** About this exercise **
Without copying any picture, return all lines below exactly.
- Opening Delimiter -
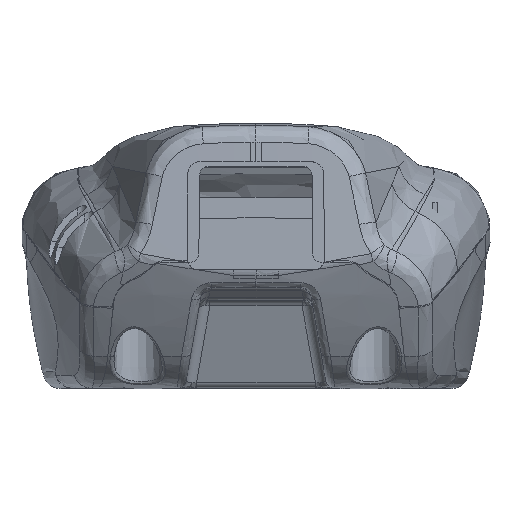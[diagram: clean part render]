
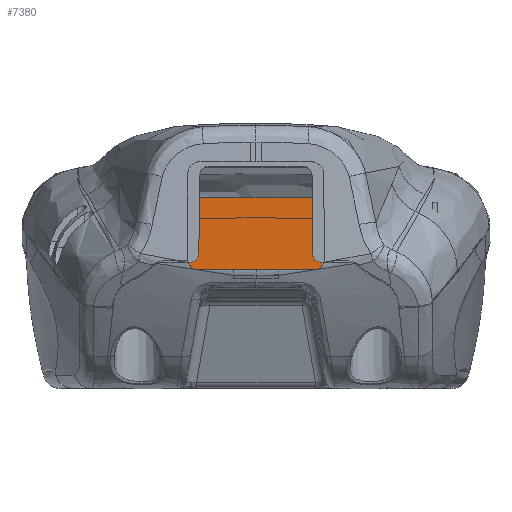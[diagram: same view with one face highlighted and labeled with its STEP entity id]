
A CAD part, top view. The second image highlights one B-rep face of the part: STEP entity #7380.
In plain terms, the highlighted planar face has unit normal (0, 0, -1).
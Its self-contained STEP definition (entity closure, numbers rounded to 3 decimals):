
#196=PLANE('',#8993);
#440=LINE('',#110402,#802);
#441=LINE('',#110409,#803);
#442=LINE('',#110411,#804);
#443=LINE('',#110412,#805);
#802=VECTOR('',#10212,1000.);
#803=VECTOR('',#10221,1000.);
#804=VECTOR('',#10222,1000.);
#805=VECTOR('',#10223,1000.);
#1680=FACE_OUTER_BOUND('',#2067,.T.);
#2067=EDGE_LOOP('',(#6595,#6596,#6597,#6598));
#3010=VERTEX_POINT('',#110398);
#3012=VERTEX_POINT('',#110401);
#3014=VERTEX_POINT('',#110408);
#3015=VERTEX_POINT('',#110410);
#4405=EDGE_CURVE('',#3012,#3010,#440,.T.);
#4409=EDGE_CURVE('',#3012,#3014,#441,.T.);
#4410=EDGE_CURVE('',#3010,#3015,#442,.T.);
#4411=EDGE_CURVE('',#3014,#3015,#443,.T.);
#6595=ORIENTED_EDGE('',*,*,#4409,.F.);
#6596=ORIENTED_EDGE('',*,*,#4405,.T.);
#6597=ORIENTED_EDGE('',*,*,#4410,.T.);
#6598=ORIENTED_EDGE('',*,*,#4411,.F.);
#7380=ADVANCED_FACE('',(#1680),#196,.T.);
#8993=AXIS2_PLACEMENT_3D('',#110407,#10219,#10220);
#10212=DIRECTION('',(0.,-1.,0.));
#10219=DIRECTION('center_axis',(0.,0.,-1.));
#10220=DIRECTION('ref_axis',(-1.,0.,0.));
#10221=DIRECTION('',(-1.,0.,0.));
#10222=DIRECTION('',(-1.,0.,0.));
#10223=DIRECTION('',(0.,-1.,0.));
#110398=CARTESIAN_POINT('',(10.368,118.12,3.707));
#110401=CARTESIAN_POINT('',(10.368,136.665,3.707));
#110402=CARTESIAN_POINT('',(10.368,118.085,3.707));
#110407=CARTESIAN_POINT('Origin',(10.736,118.085,3.707));
#110408=CARTESIAN_POINT('',(-10.368,136.665,3.707));
#110409=CARTESIAN_POINT('',(0.,136.665,3.707));
#110410=CARTESIAN_POINT('',(-10.368,118.12,3.707));
#110411=CARTESIAN_POINT('',(0.,118.12,3.707));
#110412=CARTESIAN_POINT('',(-10.368,118.085,3.707));
- Closing Delimiter -
** Reply to the exercise **
[diagram: clean part render]
[diagram: same view with one face highlighted and labeled with its STEP entity id]
A CAD part, top view. The second image highlights one B-rep face of the part: STEP entity #7380.
In plain terms, the highlighted planar face has unit normal (0, 0, -1).
Its self-contained STEP definition (entity closure, numbers rounded to 3 decimals):
#196=PLANE('',#8993);
#440=LINE('',#110402,#802);
#441=LINE('',#110409,#803);
#442=LINE('',#110411,#804);
#443=LINE('',#110412,#805);
#802=VECTOR('',#10212,1000.);
#803=VECTOR('',#10221,1000.);
#804=VECTOR('',#10222,1000.);
#805=VECTOR('',#10223,1000.);
#1680=FACE_OUTER_BOUND('',#2067,.T.);
#2067=EDGE_LOOP('',(#6595,#6596,#6597,#6598));
#3010=VERTEX_POINT('',#110398);
#3012=VERTEX_POINT('',#110401);
#3014=VERTEX_POINT('',#110408);
#3015=VERTEX_POINT('',#110410);
#4405=EDGE_CURVE('',#3012,#3010,#440,.T.);
#4409=EDGE_CURVE('',#3012,#3014,#441,.T.);
#4410=EDGE_CURVE('',#3010,#3015,#442,.T.);
#4411=EDGE_CURVE('',#3014,#3015,#443,.T.);
#6595=ORIENTED_EDGE('',*,*,#4409,.F.);
#6596=ORIENTED_EDGE('',*,*,#4405,.T.);
#6597=ORIENTED_EDGE('',*,*,#4410,.T.);
#6598=ORIENTED_EDGE('',*,*,#4411,.F.);
#7380=ADVANCED_FACE('',(#1680),#196,.T.);
#8993=AXIS2_PLACEMENT_3D('',#110407,#10219,#10220);
#10212=DIRECTION('',(0.,-1.,0.));
#10219=DIRECTION('center_axis',(0.,0.,-1.));
#10220=DIRECTION('ref_axis',(-1.,0.,0.));
#10221=DIRECTION('',(-1.,0.,0.));
#10222=DIRECTION('',(-1.,0.,0.));
#10223=DIRECTION('',(0.,-1.,0.));
#110398=CARTESIAN_POINT('',(10.368,118.12,3.707));
#110401=CARTESIAN_POINT('',(10.368,136.665,3.707));
#110402=CARTESIAN_POINT('',(10.368,118.085,3.707));
#110407=CARTESIAN_POINT('Origin',(10.736,118.085,3.707));
#110408=CARTESIAN_POINT('',(-10.368,136.665,3.707));
#110409=CARTESIAN_POINT('',(0.,136.665,3.707));
#110410=CARTESIAN_POINT('',(-10.368,118.12,3.707));
#110411=CARTESIAN_POINT('',(0.,118.12,3.707));
#110412=CARTESIAN_POINT('',(-10.368,118.085,3.707));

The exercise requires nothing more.